### [EXERCISE DETAILS]
When a line below holds the string "uncredited", show that line.

### [PROVIDED RECORDS]
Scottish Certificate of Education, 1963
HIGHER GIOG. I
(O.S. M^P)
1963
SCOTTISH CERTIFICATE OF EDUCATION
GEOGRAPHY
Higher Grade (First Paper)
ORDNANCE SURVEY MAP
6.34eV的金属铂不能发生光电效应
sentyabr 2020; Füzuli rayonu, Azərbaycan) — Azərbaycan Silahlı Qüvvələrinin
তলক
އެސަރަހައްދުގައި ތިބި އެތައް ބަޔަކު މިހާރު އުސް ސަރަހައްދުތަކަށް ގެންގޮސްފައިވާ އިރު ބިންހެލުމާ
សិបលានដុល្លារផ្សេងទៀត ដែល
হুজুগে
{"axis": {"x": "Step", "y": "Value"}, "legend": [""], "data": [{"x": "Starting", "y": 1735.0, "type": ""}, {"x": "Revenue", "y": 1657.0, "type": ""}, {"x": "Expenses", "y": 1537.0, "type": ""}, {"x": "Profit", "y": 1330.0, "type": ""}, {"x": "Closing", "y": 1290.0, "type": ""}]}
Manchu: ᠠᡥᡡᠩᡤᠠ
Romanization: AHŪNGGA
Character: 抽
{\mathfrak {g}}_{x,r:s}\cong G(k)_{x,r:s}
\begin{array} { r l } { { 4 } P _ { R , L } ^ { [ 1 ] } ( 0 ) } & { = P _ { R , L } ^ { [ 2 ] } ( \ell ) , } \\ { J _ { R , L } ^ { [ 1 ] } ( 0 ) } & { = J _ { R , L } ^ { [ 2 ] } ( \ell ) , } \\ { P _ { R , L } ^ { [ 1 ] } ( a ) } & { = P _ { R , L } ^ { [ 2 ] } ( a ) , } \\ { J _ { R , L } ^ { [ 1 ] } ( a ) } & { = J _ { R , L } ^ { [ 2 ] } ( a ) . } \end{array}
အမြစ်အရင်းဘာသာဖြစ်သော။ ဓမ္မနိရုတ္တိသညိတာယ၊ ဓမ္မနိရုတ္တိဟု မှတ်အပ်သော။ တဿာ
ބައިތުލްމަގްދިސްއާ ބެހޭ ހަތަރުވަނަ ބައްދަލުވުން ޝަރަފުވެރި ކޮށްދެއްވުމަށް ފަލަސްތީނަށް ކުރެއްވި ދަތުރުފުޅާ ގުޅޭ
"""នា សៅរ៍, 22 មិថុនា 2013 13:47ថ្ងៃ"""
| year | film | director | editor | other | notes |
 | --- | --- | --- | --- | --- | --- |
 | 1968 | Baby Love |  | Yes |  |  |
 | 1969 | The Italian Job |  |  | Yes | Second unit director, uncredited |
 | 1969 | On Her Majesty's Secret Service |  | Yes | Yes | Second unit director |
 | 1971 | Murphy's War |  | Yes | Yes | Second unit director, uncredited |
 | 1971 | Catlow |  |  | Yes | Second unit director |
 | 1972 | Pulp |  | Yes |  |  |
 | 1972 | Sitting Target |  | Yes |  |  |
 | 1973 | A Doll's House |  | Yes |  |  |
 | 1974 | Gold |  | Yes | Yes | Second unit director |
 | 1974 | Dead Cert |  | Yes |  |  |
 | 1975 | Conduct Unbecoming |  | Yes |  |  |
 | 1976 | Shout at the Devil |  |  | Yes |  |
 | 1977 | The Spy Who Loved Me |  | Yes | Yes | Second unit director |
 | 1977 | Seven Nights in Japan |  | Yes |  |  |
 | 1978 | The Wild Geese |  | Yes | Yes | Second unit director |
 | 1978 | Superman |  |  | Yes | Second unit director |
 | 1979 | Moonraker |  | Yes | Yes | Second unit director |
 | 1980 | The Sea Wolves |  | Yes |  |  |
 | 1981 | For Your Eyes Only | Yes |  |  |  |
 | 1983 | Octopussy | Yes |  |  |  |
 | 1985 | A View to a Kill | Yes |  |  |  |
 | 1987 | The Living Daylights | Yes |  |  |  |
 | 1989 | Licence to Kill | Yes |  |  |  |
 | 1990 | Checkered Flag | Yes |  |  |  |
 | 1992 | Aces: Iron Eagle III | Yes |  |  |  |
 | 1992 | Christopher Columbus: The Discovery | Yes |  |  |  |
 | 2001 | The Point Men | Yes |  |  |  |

--

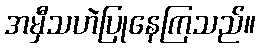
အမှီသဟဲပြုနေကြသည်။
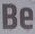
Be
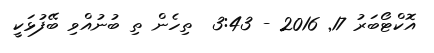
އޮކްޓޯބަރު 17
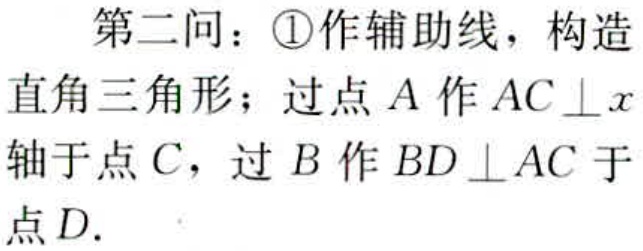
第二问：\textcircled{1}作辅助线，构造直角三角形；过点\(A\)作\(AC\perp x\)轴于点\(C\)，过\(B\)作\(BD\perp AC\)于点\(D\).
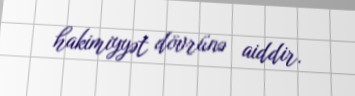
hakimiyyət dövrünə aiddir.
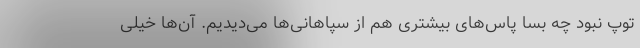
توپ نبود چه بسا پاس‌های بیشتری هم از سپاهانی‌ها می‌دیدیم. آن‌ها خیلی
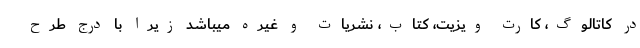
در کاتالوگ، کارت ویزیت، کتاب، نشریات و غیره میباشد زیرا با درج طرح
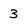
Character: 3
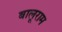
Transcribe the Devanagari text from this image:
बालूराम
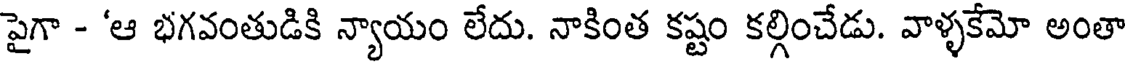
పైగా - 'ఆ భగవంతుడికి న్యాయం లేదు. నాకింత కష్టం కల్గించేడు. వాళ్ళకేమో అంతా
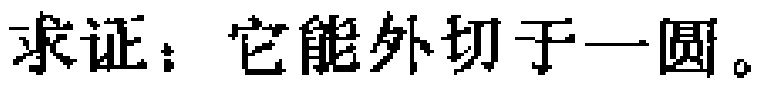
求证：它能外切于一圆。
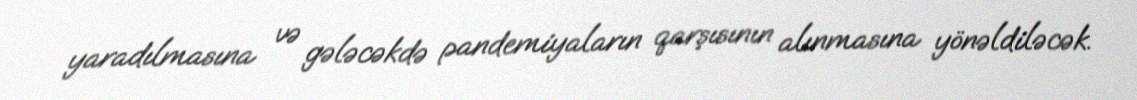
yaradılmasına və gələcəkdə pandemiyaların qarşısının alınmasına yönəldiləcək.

--

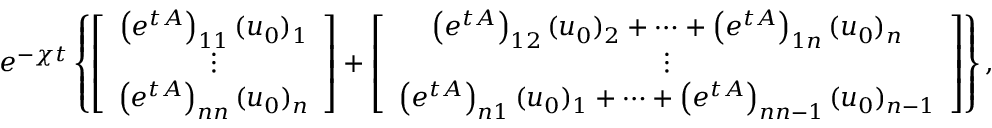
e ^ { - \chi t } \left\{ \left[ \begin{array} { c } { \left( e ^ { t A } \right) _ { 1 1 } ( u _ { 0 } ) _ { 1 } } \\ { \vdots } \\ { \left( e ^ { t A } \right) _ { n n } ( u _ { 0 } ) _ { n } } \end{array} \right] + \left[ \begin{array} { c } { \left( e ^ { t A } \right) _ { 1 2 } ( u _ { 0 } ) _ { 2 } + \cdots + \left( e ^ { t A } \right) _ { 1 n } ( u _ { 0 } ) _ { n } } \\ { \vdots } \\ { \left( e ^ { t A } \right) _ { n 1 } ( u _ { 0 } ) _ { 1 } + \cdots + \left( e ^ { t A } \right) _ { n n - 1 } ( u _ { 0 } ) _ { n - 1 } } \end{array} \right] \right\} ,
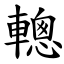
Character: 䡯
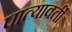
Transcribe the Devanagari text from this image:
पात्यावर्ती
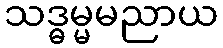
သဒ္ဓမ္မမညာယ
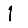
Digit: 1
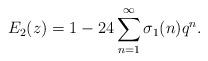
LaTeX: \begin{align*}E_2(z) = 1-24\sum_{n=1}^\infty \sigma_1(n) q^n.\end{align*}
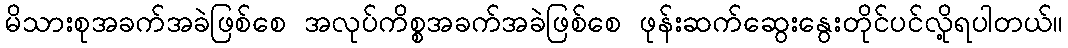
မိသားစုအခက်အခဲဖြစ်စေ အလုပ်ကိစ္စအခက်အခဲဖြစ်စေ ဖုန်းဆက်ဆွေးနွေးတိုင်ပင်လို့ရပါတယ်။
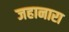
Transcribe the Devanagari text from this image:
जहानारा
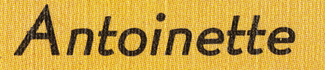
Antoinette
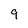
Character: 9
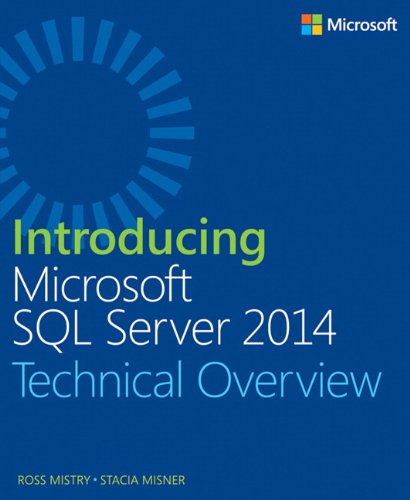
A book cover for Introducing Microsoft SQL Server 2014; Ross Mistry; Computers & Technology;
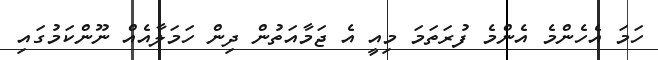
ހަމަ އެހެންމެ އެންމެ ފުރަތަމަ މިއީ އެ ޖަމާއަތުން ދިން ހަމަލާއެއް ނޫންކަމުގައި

### [ANSWER BELOW]
 | 1969 | The Italian Job |  |  | Yes | Second unit director, uncredited |
 | 1971 | Murphy's War |  | Yes | Yes | Second unit director, uncredited |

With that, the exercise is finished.